=== RECORDED INFORMATION ===
·····

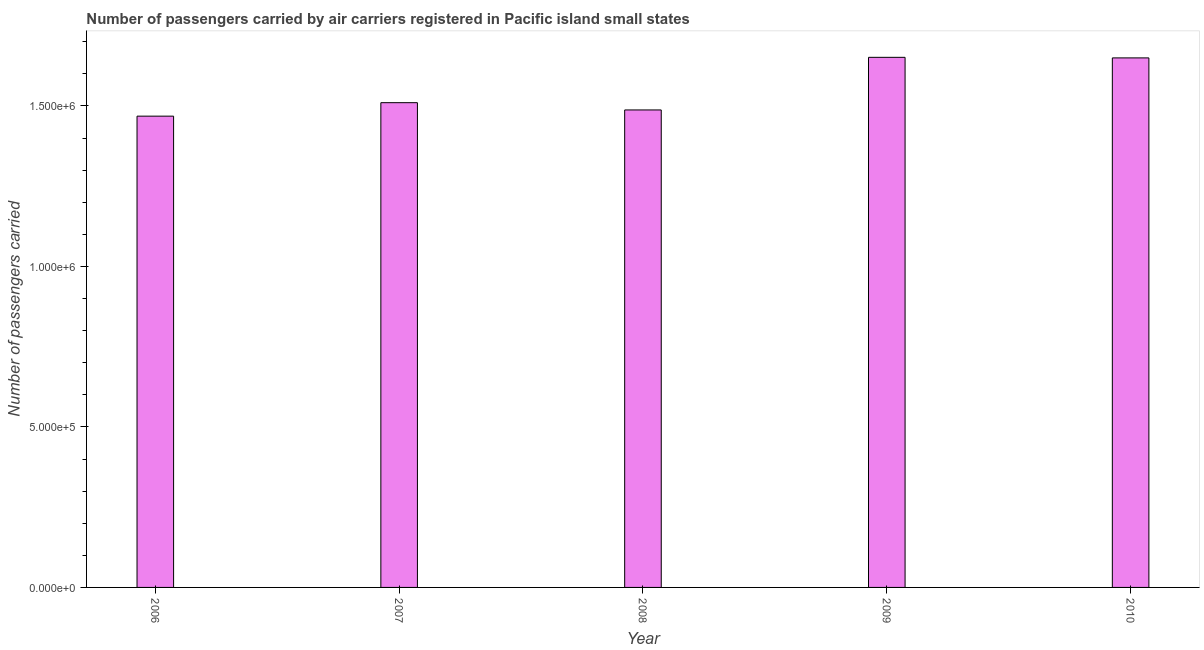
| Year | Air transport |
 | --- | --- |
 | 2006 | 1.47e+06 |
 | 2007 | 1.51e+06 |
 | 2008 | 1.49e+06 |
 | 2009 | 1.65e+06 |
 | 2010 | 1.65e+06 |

·····

=== REQUIRED WORK ===
Hand back the data exactly as it appears, with all pictures cut.

=== TASK RESULT ===
| Year | Air transport |
 | --- | --- |
 | 2006 | 1.47e+06 |
 | 2007 | 1.51e+06 |
 | 2008 | 1.49e+06 |
 | 2009 | 1.65e+06 |
 | 2010 | 1.65e+06 |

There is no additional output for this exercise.